Have you read about it? Clearly the judge completely ignored quite serious issues and seemed determined to punish the mother.

But you and we have no idea what happened during the care proceedings - so stop speculating. We do not know what evidence the judge was presented with. As a PP said, this problem is political and runs much deeper than blaming one judge. The whole system needs an overhaul and more funding. Women and mothers need more support before it gets to the crisis point of care proceedings. Sure Start centres were great for this - but the Tories scrapped ( or greatly reduced) them.
I have no idea who the judge in this case was but you cannot blame any one individual for what is a social / political problem. It's far too simplistic to do this. It's Daily Mail thinking.

rabblenotrebel · 03/02/2025 09:22

If everyone who possibly could registered as foster carers, and was willing to take on just one traumatised child and learn how to parent them, how many Sara's could be saved?

As it is, those saying these children should be removed- where to?

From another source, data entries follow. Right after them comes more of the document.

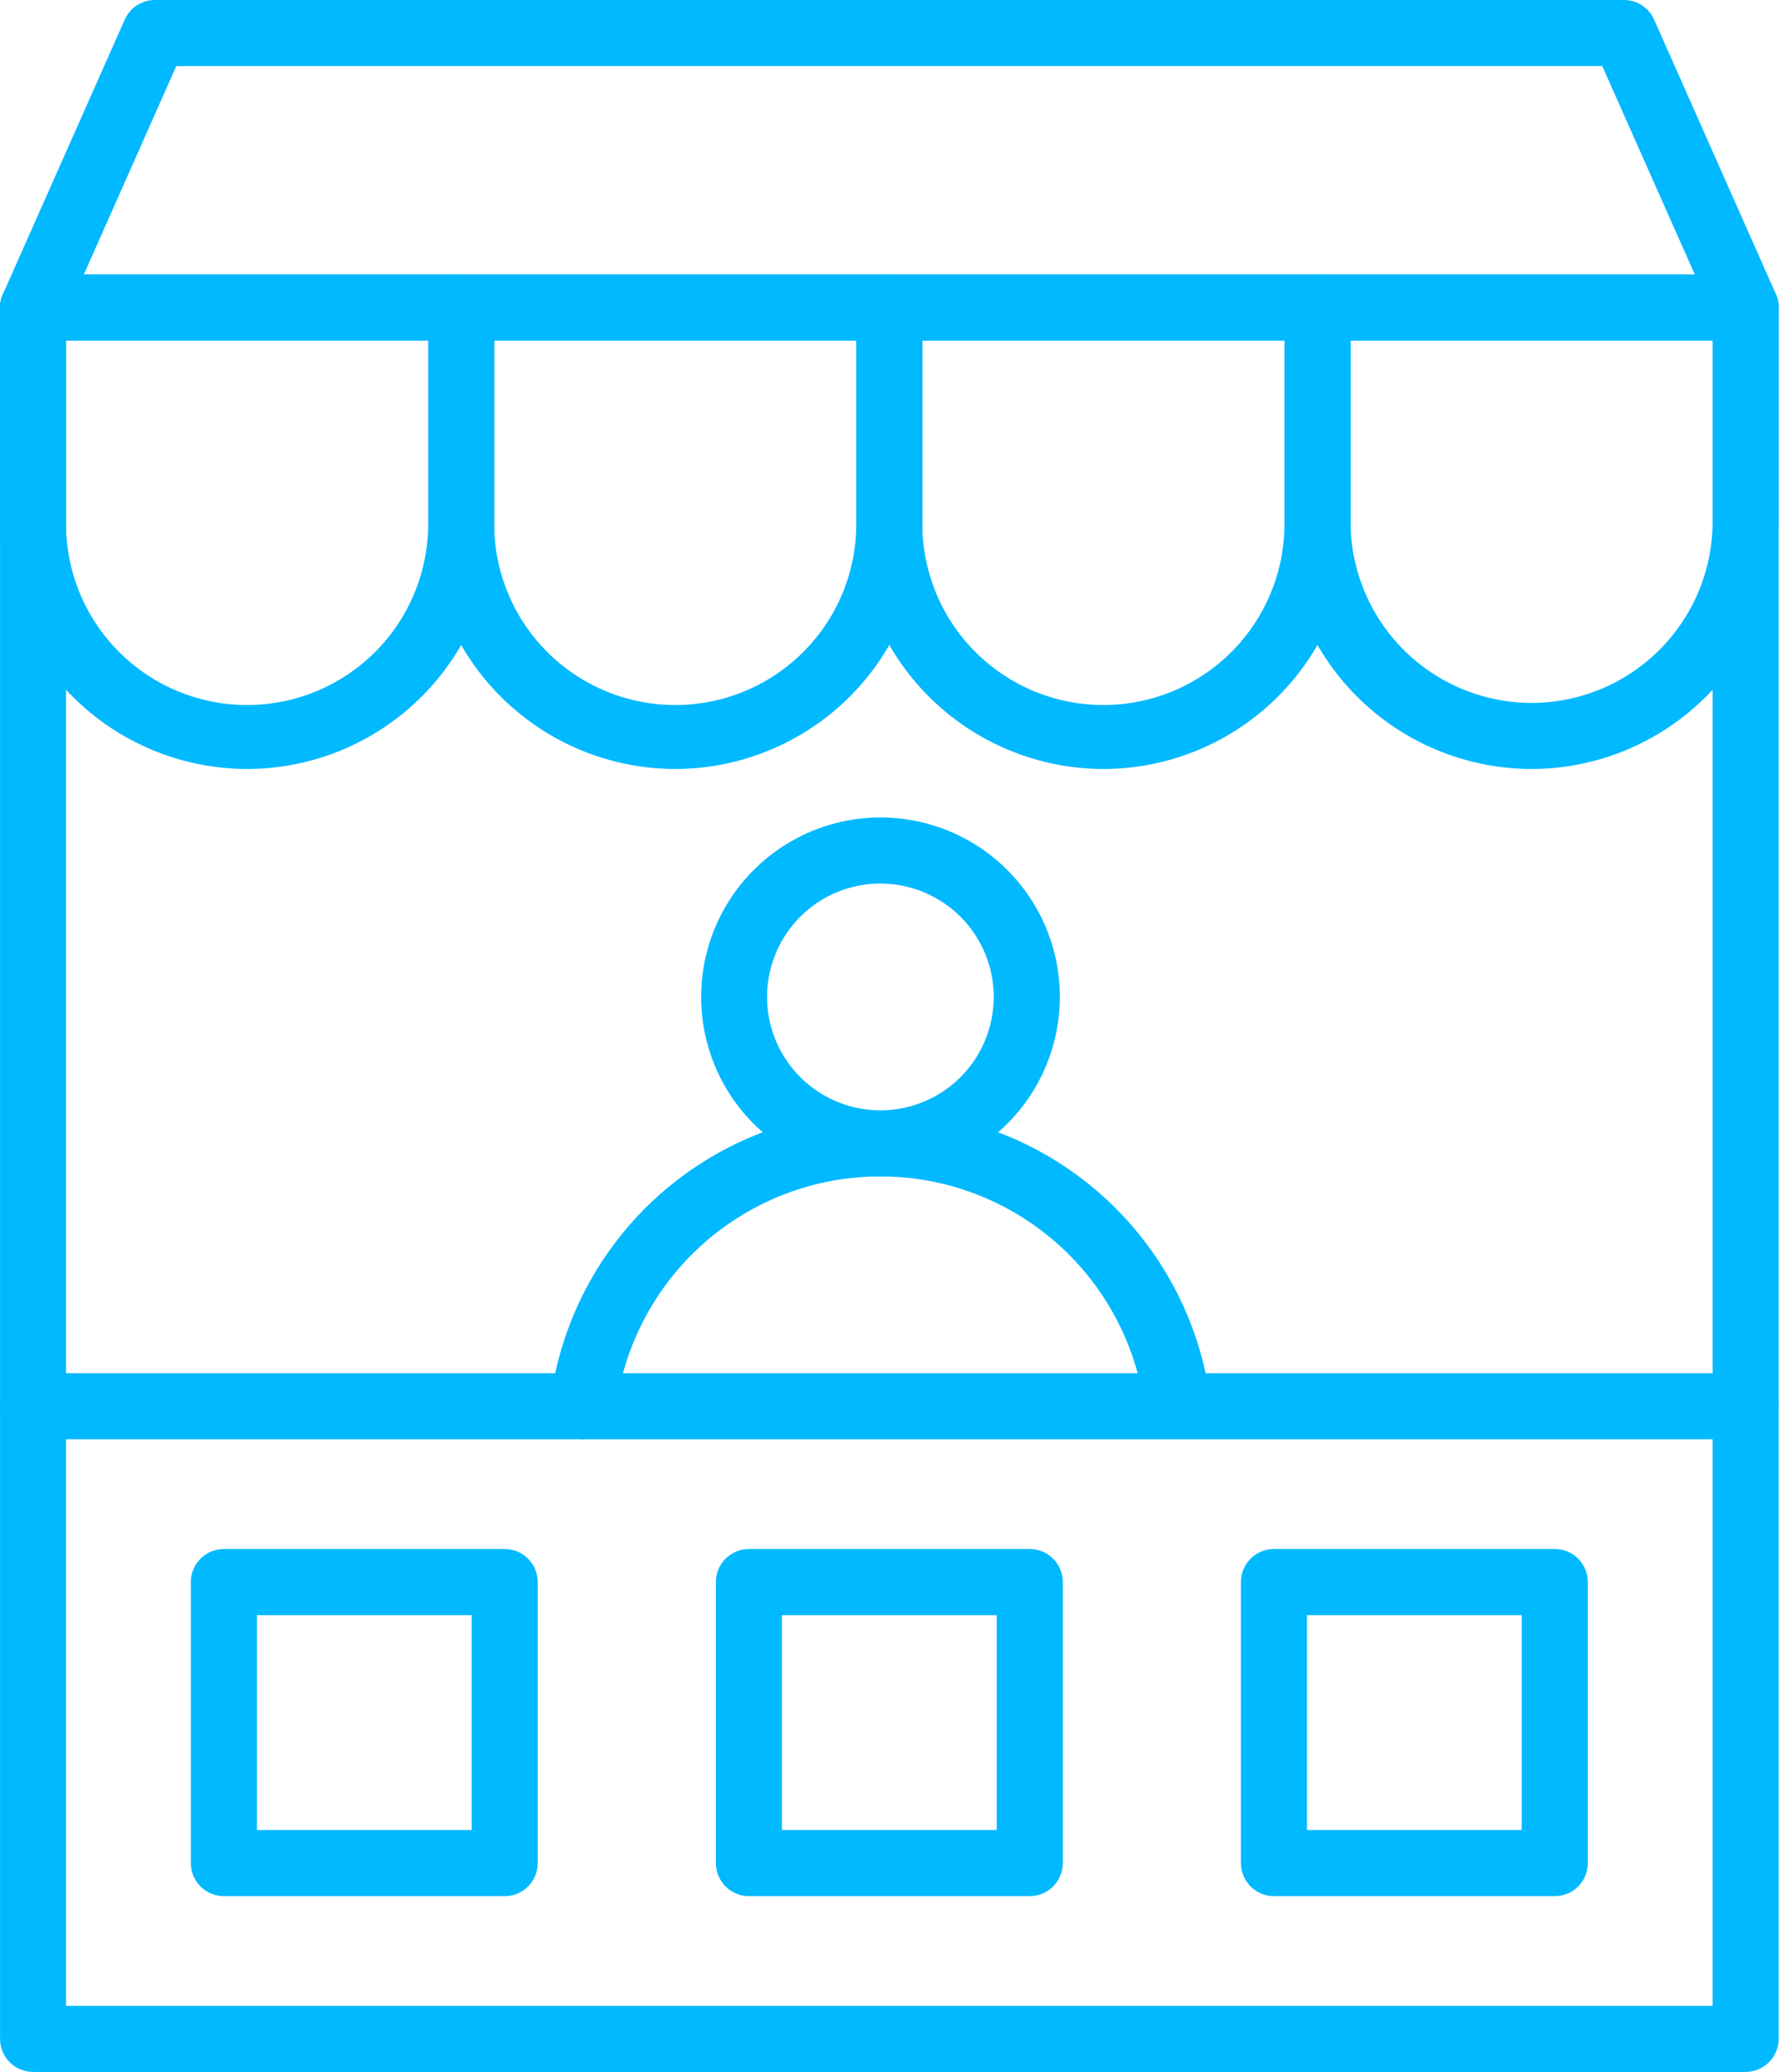 <svg width="43" height="50" viewBox="0 0 43 50" fill="none" xmlns="http://www.w3.org/2000/svg">
<path d="M5.966 18.557C4.385 18.555 2.868 17.925 1.75 16.807C0.632 15.689 0.003 14.172 0.001 12.591V7.422C0.001 7.211 0.085 7.008 0.235 6.858C0.384 6.709 0.587 6.625 0.799 6.625H11.135C11.346 6.625 11.549 6.709 11.699 6.858C11.848 7.008 11.932 7.211 11.932 7.422V12.591C11.93 14.173 11.301 15.689 10.183 16.807C9.064 17.926 7.548 18.555 5.966 18.557ZM1.594 8.22V12.591C1.588 13.169 1.696 13.743 1.912 14.279C2.129 14.816 2.45 15.304 2.857 15.715C3.263 16.126 3.747 16.453 4.281 16.676C4.815 16.899 5.387 17.013 5.966 17.013C6.544 17.013 7.117 16.899 7.651 16.676C8.184 16.453 8.668 16.126 9.075 15.715C9.482 15.304 9.803 14.816 10.019 14.279C10.236 13.743 10.344 13.169 10.337 12.591V8.22H1.594Z" fill="#00B9FF"/>
<path d="M16.303 18.557C14.721 18.555 13.205 17.926 12.086 16.807C10.968 15.689 10.339 14.173 10.337 12.591V7.422C10.337 7.211 10.421 7.008 10.571 6.858C10.72 6.709 10.923 6.625 11.135 6.625H21.472C21.683 6.625 21.886 6.709 22.035 6.858C22.185 7.008 22.269 7.211 22.269 7.422V12.591C22.267 14.173 21.638 15.689 20.519 16.808C19.401 17.926 17.884 18.555 16.303 18.557ZM11.932 8.22V12.591C11.925 13.169 12.033 13.743 12.25 14.279C12.466 14.816 12.787 15.304 13.194 15.715C13.601 16.126 14.085 16.453 14.618 16.676C15.152 16.899 15.725 17.013 16.303 17.013C16.881 17.013 17.454 16.899 17.988 16.676C18.521 16.453 19.006 16.126 19.412 15.715C19.819 15.304 20.14 14.816 20.357 14.279C20.573 13.743 20.681 13.169 20.674 12.591V8.22H11.932Z" fill="#00B9FF"/>
<path d="M26.64 18.557C25.058 18.555 23.542 17.926 22.424 16.808C21.305 15.689 20.676 14.173 20.674 12.591V7.422C20.674 7.211 20.758 7.008 20.908 6.858C21.057 6.709 21.26 6.625 21.471 6.625H31.808C32.02 6.625 32.223 6.709 32.372 6.858C32.522 7.008 32.606 7.211 32.606 7.422V12.591C32.604 14.173 31.975 15.689 30.857 16.807C29.738 17.926 28.222 18.555 26.64 18.557ZM22.268 8.22V12.591C22.262 13.169 22.37 13.743 22.587 14.279C22.803 14.816 23.124 15.304 23.531 15.715C23.937 16.126 24.422 16.453 24.955 16.676C25.489 16.899 26.061 17.013 26.64 17.013C27.218 17.013 27.791 16.899 28.325 16.676C28.858 16.453 29.343 16.126 29.749 15.715C30.156 15.304 30.477 14.816 30.693 14.279C30.91 13.743 31.018 13.169 31.011 12.591V8.22H22.268Z" fill="#00B9FF"/>
<path d="M36.978 18.557C35.396 18.555 33.88 17.926 32.761 16.807C31.643 15.689 31.014 14.173 31.012 12.591V7.422C31.012 7.211 31.096 7.008 31.245 6.858C31.395 6.709 31.597 6.625 31.809 6.625H42.146C42.358 6.625 42.56 6.709 42.709 6.859C42.858 7.008 42.942 7.211 42.942 7.422V12.591C42.94 14.172 42.311 15.689 41.193 16.807C40.075 17.925 38.559 18.555 36.978 18.557ZM32.606 8.22V12.591C32.608 13.75 33.069 14.861 33.888 15.681C34.708 16.5 35.819 16.961 36.978 16.963C38.137 16.961 39.248 16.5 40.067 15.681C40.887 14.861 41.347 13.75 41.349 12.591V8.22H32.606Z" fill="#00B9FF"/>
<path d="M42.147 49.999H0.797C0.586 49.998 0.384 49.914 0.235 49.765C0.085 49.615 0.001 49.413 0.001 49.202V7.422C0.001 7.211 0.085 7.008 0.235 6.858C0.384 6.709 0.587 6.625 0.799 6.625H42.147C42.358 6.625 42.56 6.709 42.709 6.859C42.859 7.008 42.943 7.211 42.943 7.422V49.202C42.943 49.413 42.859 49.615 42.709 49.765C42.56 49.914 42.358 49.998 42.147 49.999ZM1.594 48.404H41.349V8.22H1.594V48.404Z" fill="#00B9FF"/>
<path d="M42.146 34.733H0.797C0.586 34.733 0.383 34.649 0.233 34.5C0.084 34.35 0 34.147 0 33.936C0 33.725 0.084 33.522 0.233 33.372C0.383 33.223 0.586 33.139 0.797 33.139H42.146C42.358 33.139 42.56 33.223 42.71 33.372C42.859 33.522 42.943 33.725 42.943 33.936C42.943 34.147 42.859 34.35 42.71 34.5C42.56 34.649 42.358 34.733 42.146 34.733ZM21.257 28.388C20.401 28.387 19.563 28.133 18.851 27.657C18.139 27.181 17.584 26.504 17.257 25.713C16.93 24.921 16.844 24.05 17.012 23.21C17.179 22.37 17.592 21.599 18.198 20.994C18.804 20.388 19.576 19.976 20.416 19.809C21.256 19.643 22.127 19.729 22.918 20.057C23.709 20.385 24.385 20.941 24.861 21.653C25.336 22.366 25.59 23.203 25.589 24.059C25.587 25.208 25.13 26.308 24.318 27.119C23.506 27.931 22.405 28.387 21.257 28.388ZM21.257 21.321C20.716 21.321 20.187 21.481 19.737 21.781C19.287 22.082 18.936 22.509 18.729 23.009C18.521 23.509 18.467 24.059 18.572 24.59C18.678 25.121 18.938 25.608 19.32 25.991C19.703 26.374 20.19 26.635 20.721 26.741C21.252 26.847 21.802 26.793 22.302 26.586C22.802 26.379 23.23 26.029 23.53 25.579C23.831 25.13 23.992 24.601 23.993 24.059C23.993 23.334 23.704 22.638 23.192 22.124C22.679 21.611 21.983 21.322 21.257 21.321Z" fill="#00B9FF"/>
<path d="M14.078 34.733C13.965 34.733 13.854 34.708 13.751 34.662C13.648 34.615 13.556 34.547 13.481 34.463C13.407 34.379 13.351 34.279 13.317 34.172C13.283 34.064 13.272 33.95 13.286 33.838C13.529 31.896 14.473 30.11 15.941 28.814C17.409 27.519 19.299 26.804 21.256 26.804C23.213 26.804 25.104 27.519 26.571 28.814C28.039 30.11 28.983 31.896 29.227 33.838C29.247 34.045 29.185 34.252 29.055 34.415C28.925 34.577 28.736 34.682 28.53 34.707C28.323 34.733 28.115 34.676 27.949 34.55C27.784 34.424 27.674 34.238 27.644 34.032C27.45 32.474 26.694 31.041 25.517 30.001C24.341 28.962 22.825 28.388 21.255 28.388C19.684 28.388 18.169 28.962 16.992 30.001C15.815 31.041 15.059 32.474 14.866 34.032C14.842 34.225 14.749 34.403 14.604 34.532C14.459 34.66 14.272 34.732 14.078 34.733ZM12.185 45.757H5.405C5.194 45.757 4.991 45.673 4.841 45.523C4.692 45.374 4.608 45.171 4.608 44.96V38.177C4.608 37.965 4.692 37.763 4.841 37.613C4.991 37.464 5.194 37.38 5.405 37.38H12.185C12.29 37.38 12.394 37.4 12.491 37.44C12.587 37.48 12.675 37.539 12.749 37.613C12.823 37.687 12.882 37.775 12.922 37.871C12.962 37.968 12.983 38.072 12.983 38.177V44.96C12.983 45.171 12.899 45.374 12.749 45.523C12.6 45.673 12.397 45.757 12.185 45.757ZM6.203 44.162H11.388V38.976H6.203V44.162ZM24.862 45.757H18.082C17.87 45.757 17.668 45.673 17.518 45.523C17.369 45.374 17.285 45.171 17.284 44.96V38.177C17.284 38.072 17.305 37.968 17.345 37.871C17.385 37.775 17.444 37.687 17.518 37.613C17.592 37.539 17.68 37.48 17.777 37.44C17.873 37.4 17.977 37.38 18.082 37.38H24.862C24.967 37.38 25.07 37.4 25.167 37.44C25.264 37.48 25.352 37.539 25.426 37.613C25.5 37.687 25.559 37.775 25.599 37.871C25.639 37.968 25.66 38.072 25.66 38.177V44.96C25.659 45.171 25.575 45.374 25.426 45.523C25.276 45.673 25.073 45.757 24.862 45.757ZM18.879 44.162H24.065V38.976H18.879V44.162ZM37.538 45.757H30.758C30.547 45.757 30.344 45.673 30.195 45.523C30.045 45.374 29.961 45.171 29.961 44.96V38.177C29.961 38.072 29.981 37.968 30.021 37.871C30.062 37.775 30.12 37.687 30.194 37.613C30.268 37.539 30.356 37.48 30.453 37.44C30.55 37.4 30.654 37.38 30.758 37.38H37.538C37.643 37.38 37.747 37.4 37.844 37.44C37.94 37.48 38.028 37.539 38.102 37.613C38.176 37.687 38.235 37.775 38.275 37.871C38.315 37.968 38.336 38.072 38.336 38.177V44.96C38.336 45.171 38.252 45.374 38.102 45.523C37.953 45.673 37.75 45.757 37.538 45.757ZM31.555 44.162H36.741V38.976H31.555V44.162ZM42.147 8.221H0.797C0.665 8.221 0.535 8.188 0.418 8.124C0.302 8.061 0.203 7.97 0.131 7.859C0.059 7.748 0.015 7.621 0.004 7.489C-0.007 7.357 0.015 7.225 0.068 7.104L3.01 0.477C3.072 0.335 3.174 0.215 3.303 0.13C3.432 0.046 3.583 0 3.738 0H39.208C39.363 5.12049e-05 39.514 0.045 39.643 0.129C39.772 0.213 39.875 0.333 39.937 0.474L42.878 7.101C42.931 7.222 42.954 7.354 42.943 7.486C42.932 7.618 42.888 7.745 42.816 7.856C42.743 7.967 42.645 8.058 42.529 8.122C42.412 8.185 42.282 8.218 42.15 8.218L42.147 8.221ZM2.023 6.626H40.92L38.685 1.595H4.256L2.023 6.626Z" fill="#00B9FF"/>
</svg>

username299 · 03/02/2025 09:26

It's been known for a long time that the Family Courts aren't fit for purpose.

I've heard too many examples of children being forced to see abusers and women being dragged through the system by abusive men.

I don't know enough about this case, but it was evidently a complete shit show.

MotionIntheOcean · 03/02/2025 09:29

myplace · 31/01/2025 20:02

But when it’s a choice between a crap unsafe mum, a crap unsafe dad, and foster care (with crap outcomes for most kids), the judge is tossing a coin and will sometimes get unlucky.

Yes, I'm not sure people always understand just what a shit parent the state is, and how badly we look after children in care.

EilonwyWithRedGoldHair · 03/02/2025 10:06

MotionIntheOcean · 03/02/2025 09:29

Yes, I'm not sure people always understand just what a shit parent the state is, and how badly we look after children in care.

Social services and the care system need money - a lot of it. But this is short-termism again, it would cost a lot of money up front but would have long-term savings for the criminal justice system, NHS and social services, the Tories were only interested in austerity and screw the consequences, and unfortunately, I can't see Labour being a great deal better. If we judge a society on how they treat their most vulnerable we're not doing very well.

myplace · 03/02/2025 10:34

I was a foster carer. Did my damndest for those kids. Despite everything, they have missed their potential, so far at least.

The outcomes really are poor, which is why they hesitate to remove children. You can put them in a ‘better’ home and family but that doesn’t guarantee a better outcome.